Being an enabler allows loved ones to behave in ways that are destructive. i.e.: an enabler may buy an alcoholic spouse alcohol; continue to lend someone money who is constantly going into debt again. By trying to help and protect, they are inadvertently making a chronic problem worse.

Some enablers also become codependents. As a codependent, they may adapt to or ignore problems. By allowing the continuation of a problem in order to avoid conflicts, it allows the person to continue to act in a destructive way. i.e.: a person who covers for her husband after being abused; or one who will make excuses for an alcoholic spouse. An enabler feels the need to be needed but on the other hand will feel taken advantage of. The enabler will sometimes enable out of fear of reprisal but lack of conflict does not solve the problem as it was intended to do.

The difference between helping and enabling is: to help is to do something for someone that they are not capable of doing themselves; to enable is to do something for them when they are capable of doing it themselves.

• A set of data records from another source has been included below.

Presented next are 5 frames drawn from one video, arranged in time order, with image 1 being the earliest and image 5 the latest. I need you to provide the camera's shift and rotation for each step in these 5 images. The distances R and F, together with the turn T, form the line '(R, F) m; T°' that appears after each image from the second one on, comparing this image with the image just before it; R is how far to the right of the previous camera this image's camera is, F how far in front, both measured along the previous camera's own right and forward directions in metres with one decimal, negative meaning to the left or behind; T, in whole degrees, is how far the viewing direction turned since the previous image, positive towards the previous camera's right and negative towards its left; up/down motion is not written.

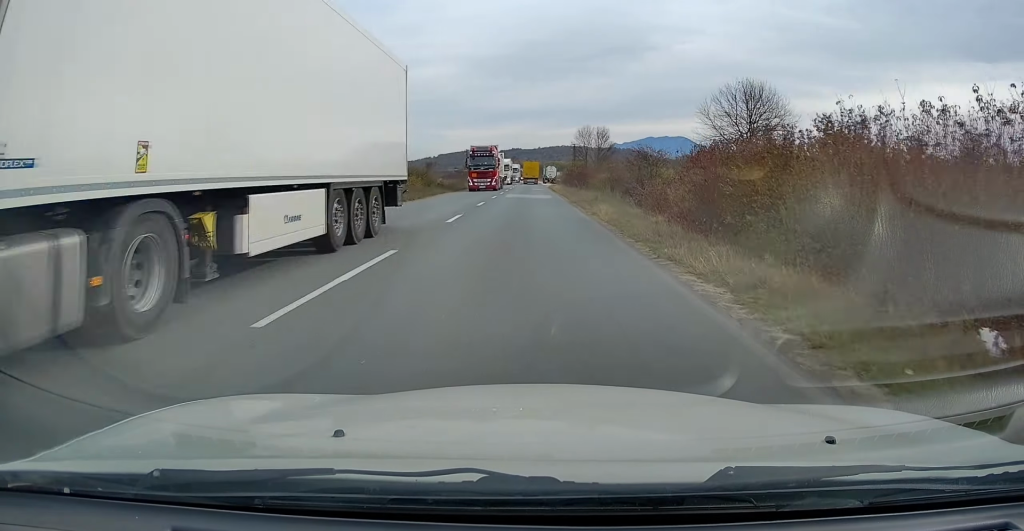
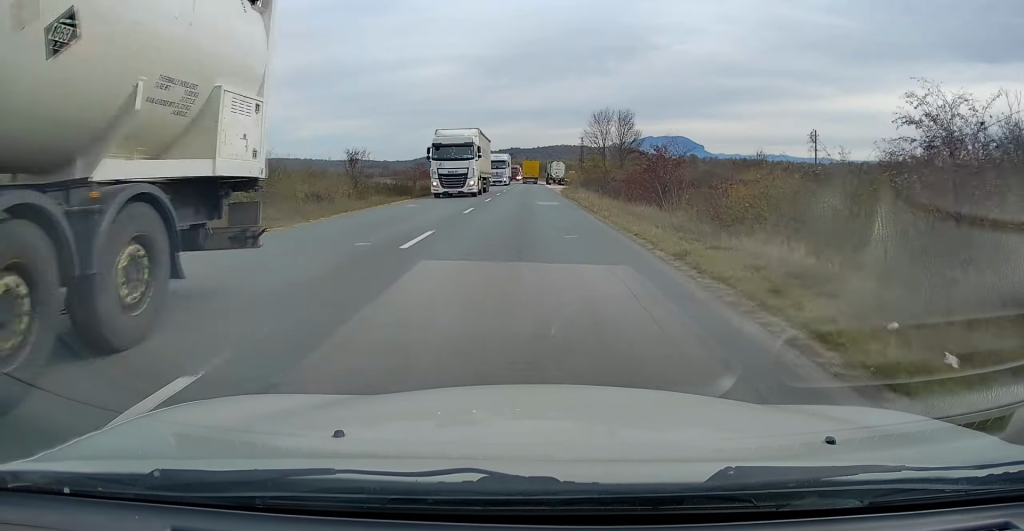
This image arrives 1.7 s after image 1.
(-0.2, +35.9) m; -1°
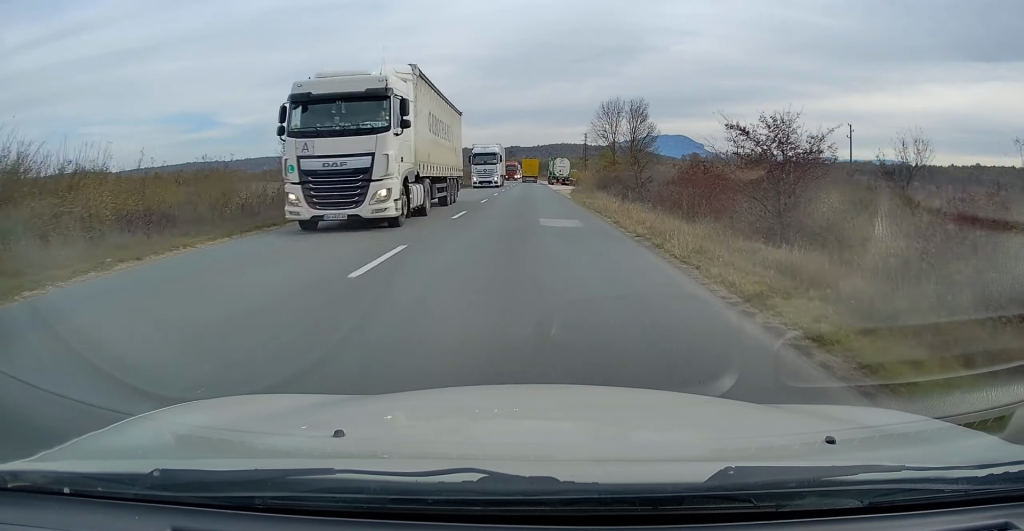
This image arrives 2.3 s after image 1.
(0.0, +12.9) m; 0°
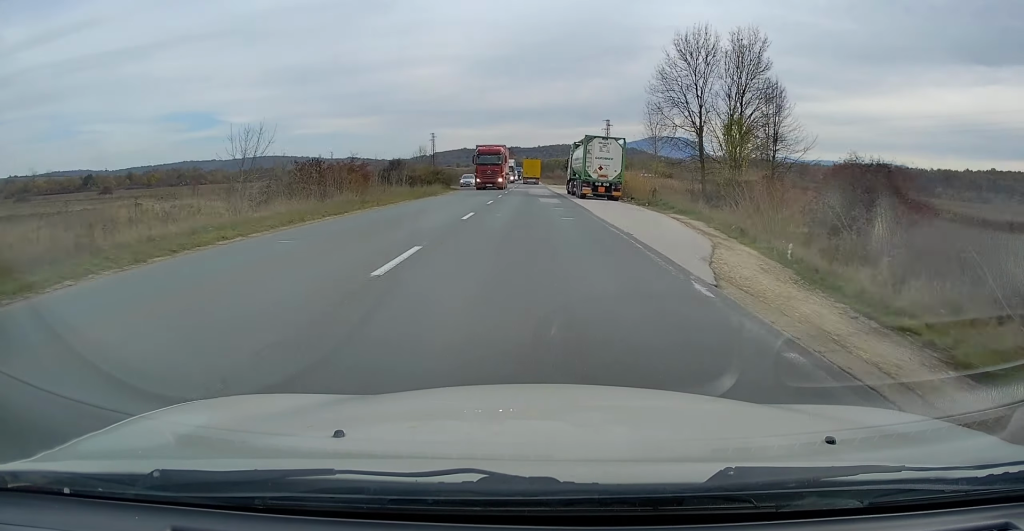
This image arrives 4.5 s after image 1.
(+0.5, +48.9) m; +1°
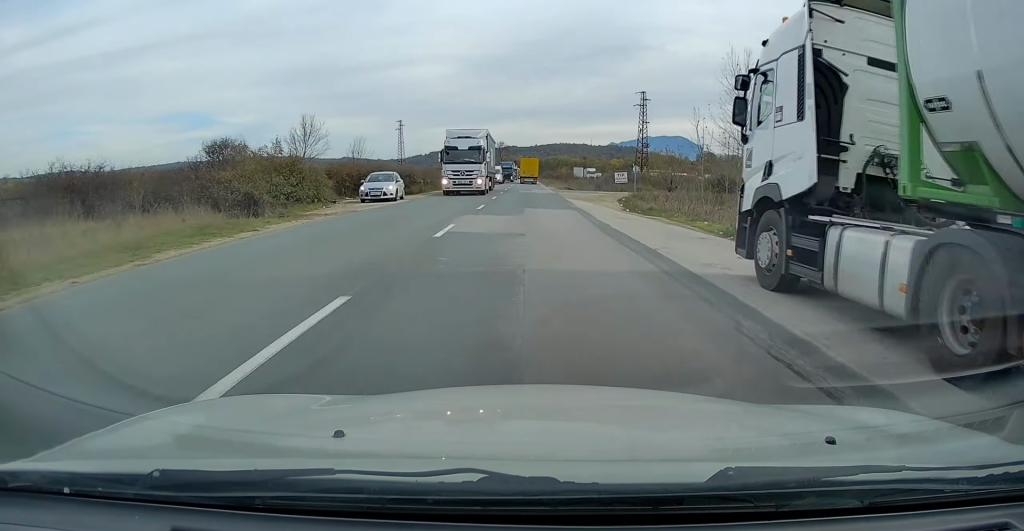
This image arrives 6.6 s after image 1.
(+0.1, +43.5) m; 0°

Tough love may become necessary when the person’s behaviour continues or becomes worse. Most enablers act out of love, loyalty and concern but they nurture dependency. Enabling can be positive. i.e.: time spent with a child, listening and letting them know how important they are to you as the parent. As a result they have enabled the child to be confident and happy. There is a fine line between the roles of nurturer and the enabler who nurtures dependency.